Old    newtique            08-06-2004, 5:21 PM Reply   
OK, I stand corrected. Sorry Heatercraft. The heater core tested fine although the design and installation left something to be desired..

Problem was elsewhere. Good to know of the problems though as I will be putting shut-offs in the heater lines.
Old     (talltigeguy)      Join Date: Sep 2003       08-06-2004, 5:44 PM Reply   
Stupid question:

Are you talking about the heater (for air only) or warm shower?

I've made the leap of faith of going with a heater instead of a shower in the new boat after oodles of trouble with the previous shower. Is a heater going to give me equal amounts of trouble? How exactly does the heater work?

(Message edited by talltigeguy on August 06, 2004)
Old    newtique            08-06-2004, 5:57 PM Reply   
Heater by Heatercraft as supplied by CC.

The design is archaic, but it puts out hot air.

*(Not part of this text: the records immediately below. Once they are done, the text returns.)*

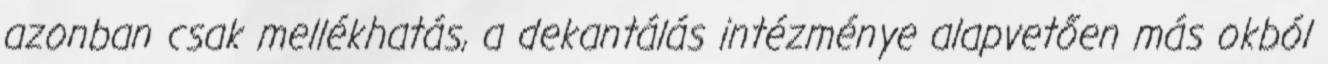
azonban csak mellékhatás, a dekantálás intézménye alapvetően más okból
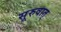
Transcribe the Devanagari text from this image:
सूरुवात्
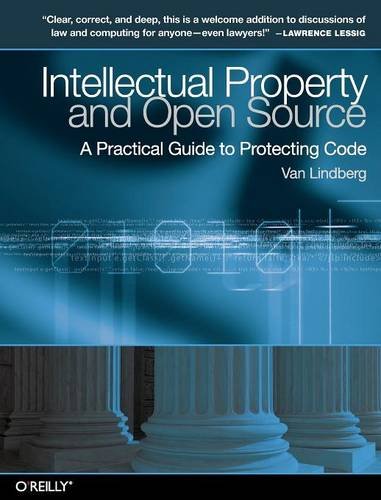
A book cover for Intellectual Property and Open Source: A Practical Guide to Protecting Code; Van Lindberg; Computers & Technology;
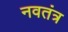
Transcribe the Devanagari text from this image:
नवतंत्र
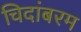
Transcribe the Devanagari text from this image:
चिदांबरम
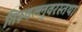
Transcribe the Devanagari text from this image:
तिरुवल्लुवरस्तथा
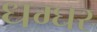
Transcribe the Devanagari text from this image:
धग्घर
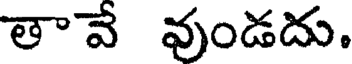
తావే వుండదు.
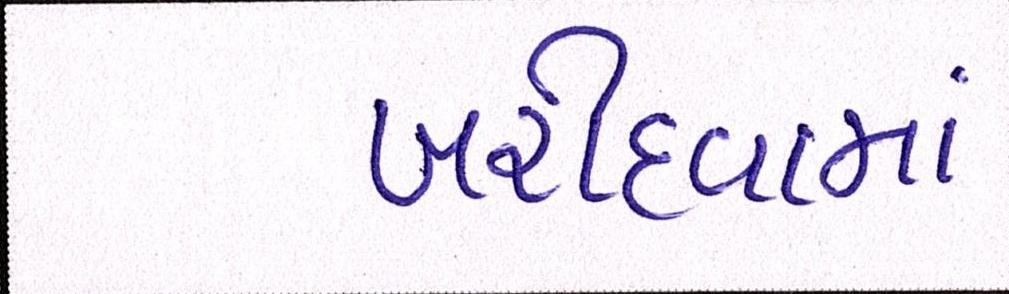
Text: ખરીદવામાં
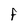
Character: f
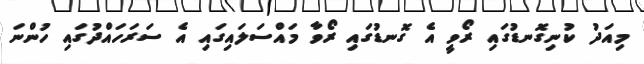
މިއަދު ކުނިގޮނޑުގައި ރޯވީ އެ ގޮނޑުގައި ރޯވާ މައްސަލައިގައި އެ ސަރަހައްދުގައި ހުންނަ
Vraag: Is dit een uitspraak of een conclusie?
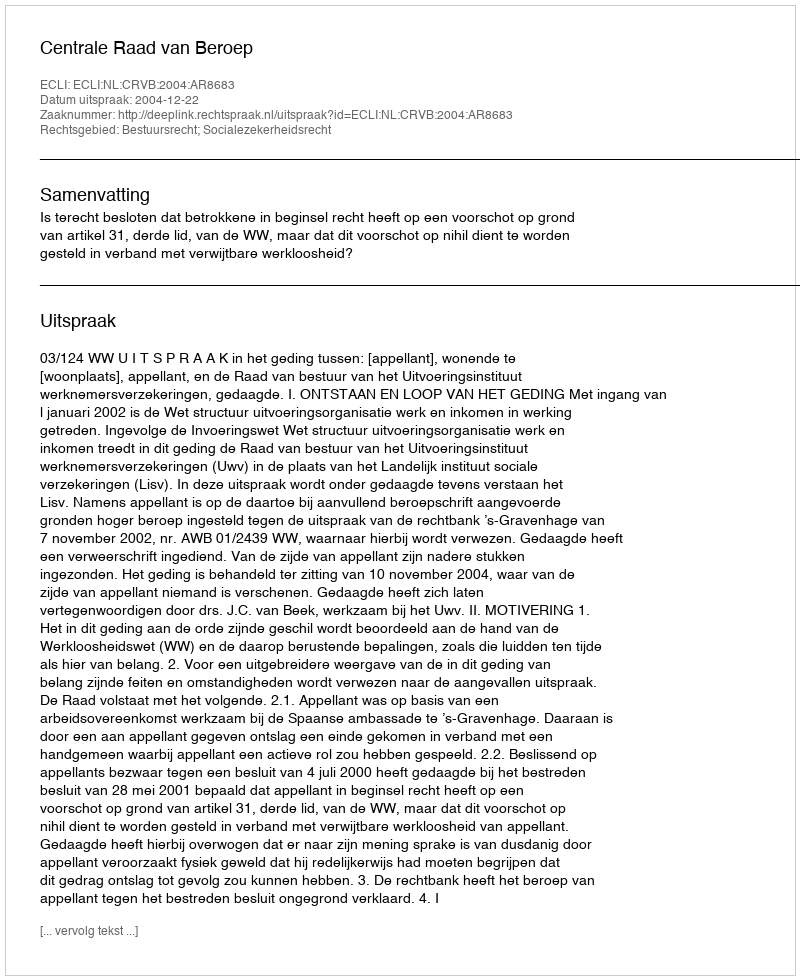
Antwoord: Uitspraak
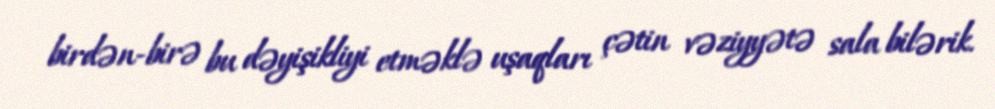
birdən-birə bu dəyişikliyi etməklə uşaqları çətin vəziyyətə sala bilərik.
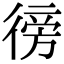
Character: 徬
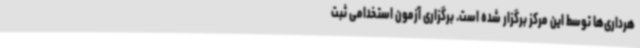
هرداری‌ها توسط این مرکز برگزار شده است. برگزاری آزمون استخدامی ثبت
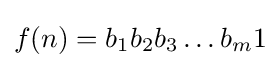
f(n)=b_{1}b_{2}b_{3}\dots b_{m}1
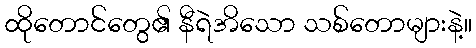
ထိုတောင်တွေ၏ နီရဲအိသော သစ်တောများနဲ့။
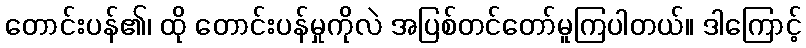
တောင်းပန်၏၊ ထို တောင်းပန်မှုကိုလဲ အပြစ်တင်တော်မူကြပါတယ်။ ဒါကြောင့်
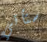
ستأتي
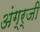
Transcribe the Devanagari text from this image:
अंग्र्जी
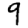
Digit: 9
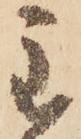
主
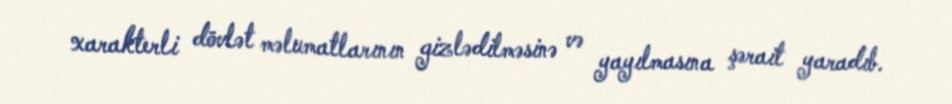
xarakterli dövlət məlumatlarının gizlədilməsinə və yayılmasına şərait yaradıb.
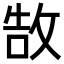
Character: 𢽍
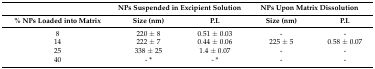
<table><thead><tr><td></td><td colspan="2"><b>NPs Suspended in Excipient Solution</b></td><td colspan="2"><b>NPs Upon Matrix Dissolution</b></td></tr><tr><td><b>% NPs Loaded into Matrix</b></td><td><b>Size (nm)</b></td><td><b>P.I.</b></td><td><b>Size (nm)</b></td><td><b>P.I.</b></td></tr></thead><tbody><tr><td>8</td><td>220 ± 8</td><td>0.51 ± 0.03</td><td>-</td><td>-</td></tr><tr><td>14</td><td>222 ± 7</td><td>0.44 ± 0.06</td><td>225 ± 5</td><td>0.58 ± 0.07</td></tr><tr><td>25</td><td>338 ± 25</td><td>1.4 ± 0.07</td><td>-</td><td>-</td></tr><tr><td>40</td><td>- *</td><td>- *</td><td>-</td><td>-</td></tr></tbody></table>
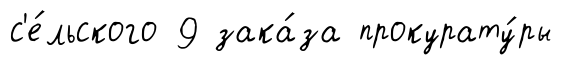
с'е́льского 9 зака́за прокурату́ры
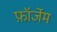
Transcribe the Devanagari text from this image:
फ़ॉर्जेम
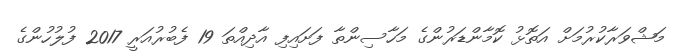
މަޝްވަރާކުރުމަށް އަތޮޅު ކޮމާންޑަރުންގެ މަހާސިންތާ ފަށައިފި އާދިއްތަ 19 ފެބުރުއަރީ 2017 ފުލުހުންގެ
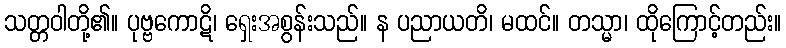
သတ္တဝါတို့၏။ ပုဗ္ဗကောဋိ၊ ရှေးအစွန်းသည်။ န ပညာယတိ၊ မထင်။ တသ္မာ၊ ထိုကြောင့်တည်း။
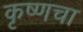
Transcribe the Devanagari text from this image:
कृष्णचा
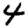
Digit: 4
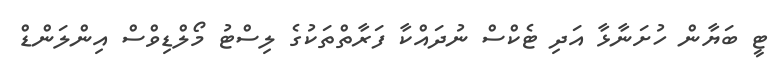
ޓީ ބަޔާން ހުށަނާޅާ އަދި ޓެކްސް ނުދައްކާ ފަރާތްތަކުގެ ލިސްޓު މޯލްޑިވްސް އިންލަންޑް
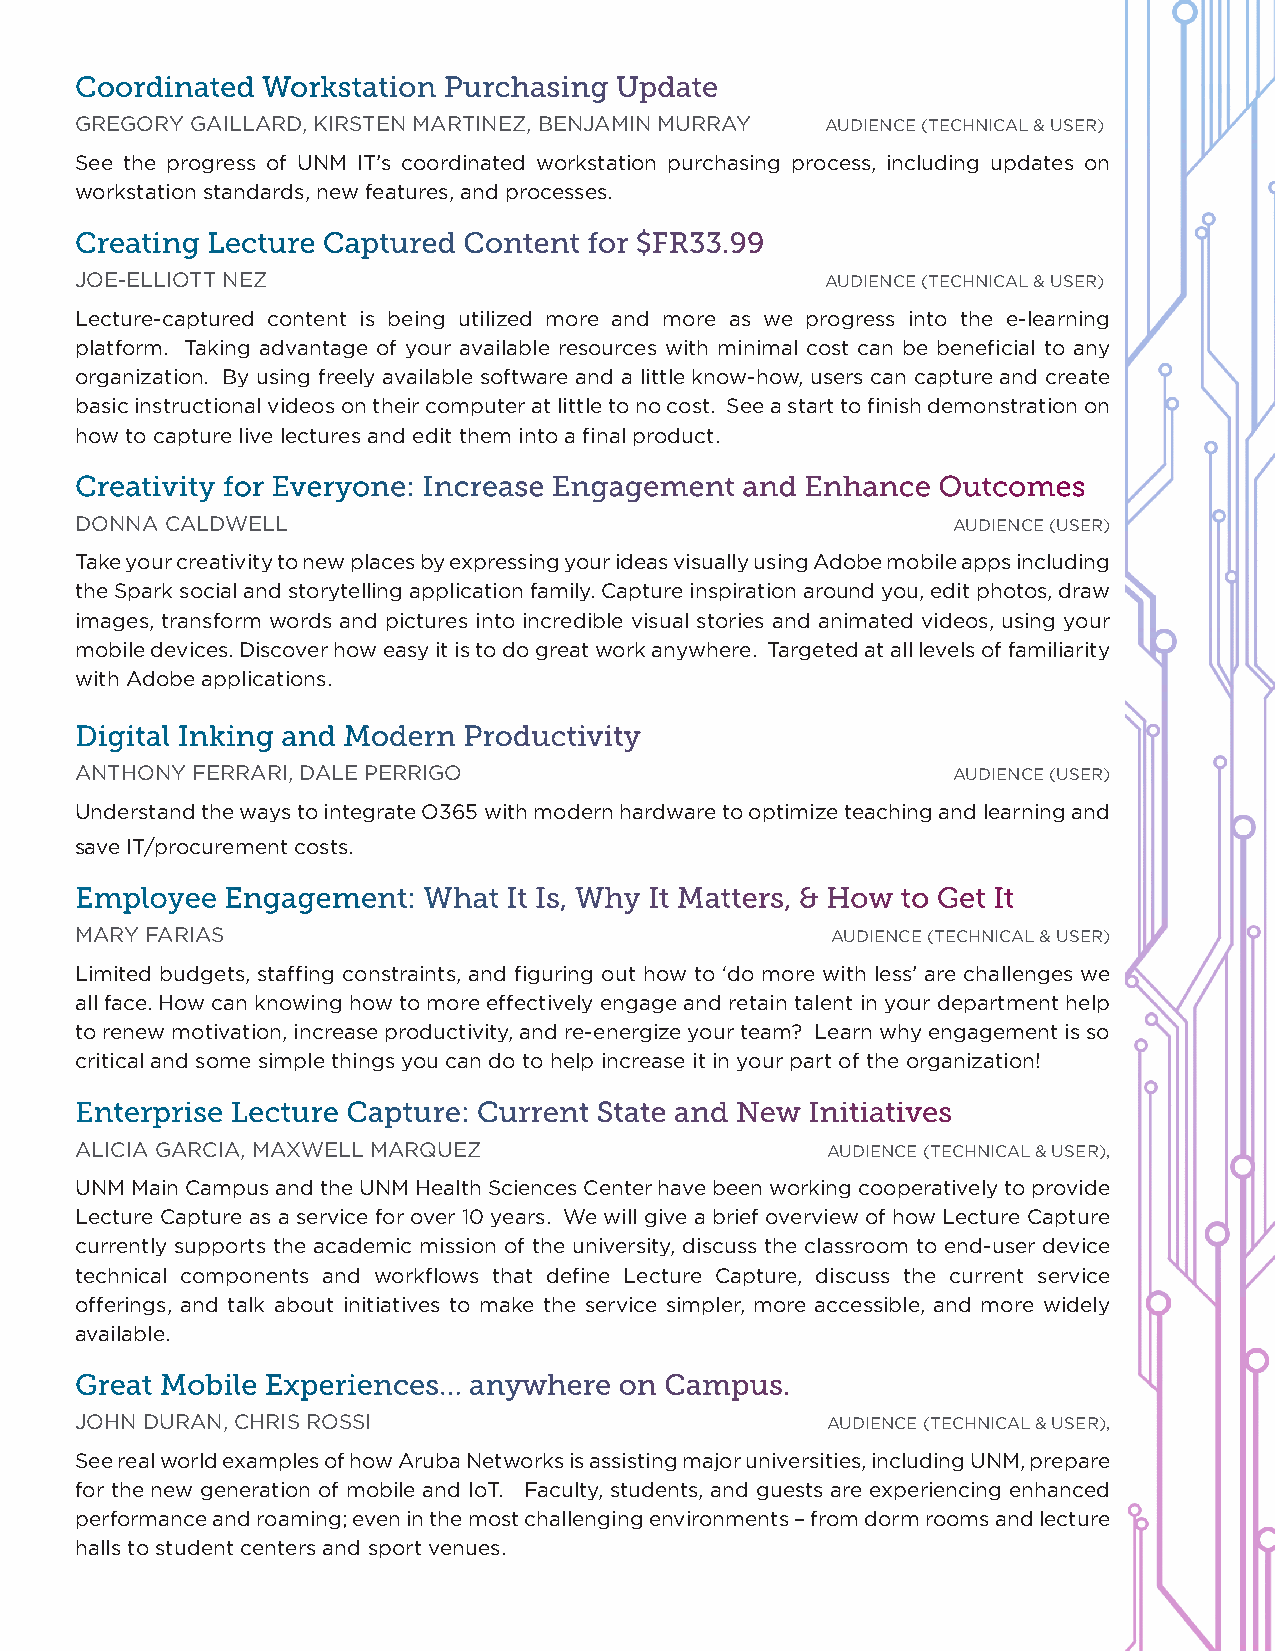
Coordinated Workstation Purchasing  Update
 GREGORY GAILLARD, KIRSTEN MARTINEZ, BENJAMIN MURRAY AUDIENCE (TECHNICAL & USER)
 See the progress of UNM IT’s coordinated workstation purchasing process, including updates on
 workstation standards, new features, and processes.
 Creating Lecture Captured Content for $FR33.99
 JOE-ELLIOTT NEZ                                   AUDIENCE (TECHNICAL & USER)
 Lecture-captured content is being utilized more and more as we progress into the e-learning
 platform. Taking advantage of your available resources with minimal cost can be beneficial to any
 organization. By using freely available software and a little know-how, users can capture and create
 basic instructional videos on their computer at little to no cost. See a start to finish demonstration on
 how to capture live lectures and edit them into a final product.
 Creativity for Everyone: Increase Engagement and Enhance Outcomes
 DONNA CALDWELL                                            AUDIENCE (USER)
 Take your creativity to new places by expressing your ideas visually using Adobe mobile apps including
 the Spark social and storytelling application family. Capture inspiration around you, edit photos, draw
 images, transform words and pictures into incredible visual stories and animated videos, using your
 mobile devices. Discover how easy it is to do great work anywhere. Targeted at all levels of familiarity
 with Adobe applications.
 Digital Inking and Modern Productivity
 ANTHONY FERRARI, DALE PERRIGO                             AUDIENCE (USER)
 Understand the ways to integrate O365 with modern hardware to optimize teaching and learning and
 save IT/procurement costs.
 Employee  Engagement:  What  It Is, Why It Matters, & How to Get It
 MARY FARIAS                                       AUDIENCE (TECHNICAL & USER)
 Limited budgets, staffing constraints, and figuring out how to ‘do more with less’ are challenges we
 all face. How can knowing how to more effectively engage and retain talent in your department help
 to renew motivation, increase productivity, and re-energize your team? Learn why engagement is so
 critical and some simple things you can do to help increase it in your part of the organization!
 Enterprise Lecture Capture: Current State and New Initiatives
 ALICIA GARCIA, MAXWELL MARQUEZ                    AUDIENCE (TECHNICAL & USER),
 UNM Main Campus and the UNM Health Sciences Center have been working cooperatively to provide
 Lecture Capture as a service for over 10 years. We will give a brief overview of how Lecture Capture
 currently supports the academic mission of the university, discuss the classroom to end-user device
 technical components and workflows that define Lecture Capture, discuss the current service
 offerings, and talk about initiatives to make the service simpler, more accessible, and more widely
 available.
 Great Mobile Experiences… anywhere  on Campus.
 JOHN DURAN, CHRIS ROSSI                           AUDIENCE (TECHNICAL & USER),
 See real world examples of how Aruba Networks is assisting major universities, including UNM, prepare
 for the new generation of mobile and IoT. Faculty, students, and guests are experiencing enhanced
 performance and roaming; even in the most challenging environments – from dorm rooms and lecture
 halls to student centers and sport venues.
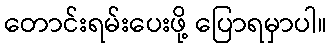
တောင်းရမ်းပေးဖို့ ပြောရမှာပါ။
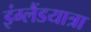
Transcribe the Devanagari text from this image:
इंग्लैंडयात्रा
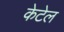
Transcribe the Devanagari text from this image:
केटेल
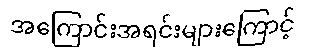
အကြောင်းအရင်းများကြောင့်
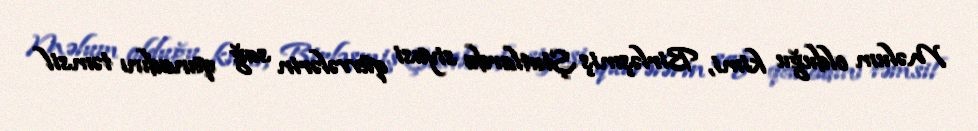
Məlum olduğu kimi, Birləşmiş Ştatlarda siyasi qüvvələrin sağ qanadını təmsil
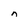
Character: n
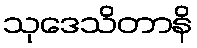
သုဒေသိတာနိ
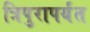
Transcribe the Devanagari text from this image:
त्रिपुरापर्यंत
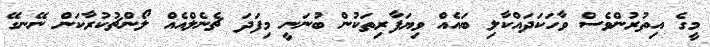
މީގެ އިތުރުންވެސް ވާހަކަދައްކާލި ބައެއް ވިޔަފާރިތަކުން ބުނަނީ މިފަދަ ޗެނެލްއެއް ލޯންޗުކުރާކަން ނޭނގޭ

The problem as I see it: There is no provision to shut off water flow to the core. Likewise, I think it's a little difficult to thouroughly winterize the core.
It wouldn't cost a lot to add valves (shut-off's) and a bypass. Sure would save a lot of headaches.
Old     (peter_c)      Join Date: Sep 2001       08-07-2004, 12:48 AM Reply   
Most problems with the heater core are caused by freezing, or simply the heater hoses are not routed correctly allowing the hoses to bounce and cause the heater core to crack at the hose inlet. If the latter is the case it can be repaired with a torch and solder. I had one in my boat that lasted as long as I owned it. I believe they use a Ford heater core or something like that, and it can be purchased from most any auto parts store.
Old    newtique            08-07-2004, 7:43 AM Reply   
If anyone has an idea of how to plumb the heater so that 1) it can be shut off 2)can be easilly and effectively winterized 3) the bypass hose routed to the engine, let's hear from you!
Old     (peter_c)      Join Date: Sep 2001       08-07-2004, 10:33 AM Reply   
That is pretty simple.
1: Use a heater control valve from a car. You would have to reach under the dash or in the engine compartmart to shut it off.

2: Put a drain valve in the heater hose with a petcock.

3: You could run two Y valves and a short section of hose at the rear.

4: WHY? If you are really worried carry a heater core bypass. Although in cold climates I could see having the drain.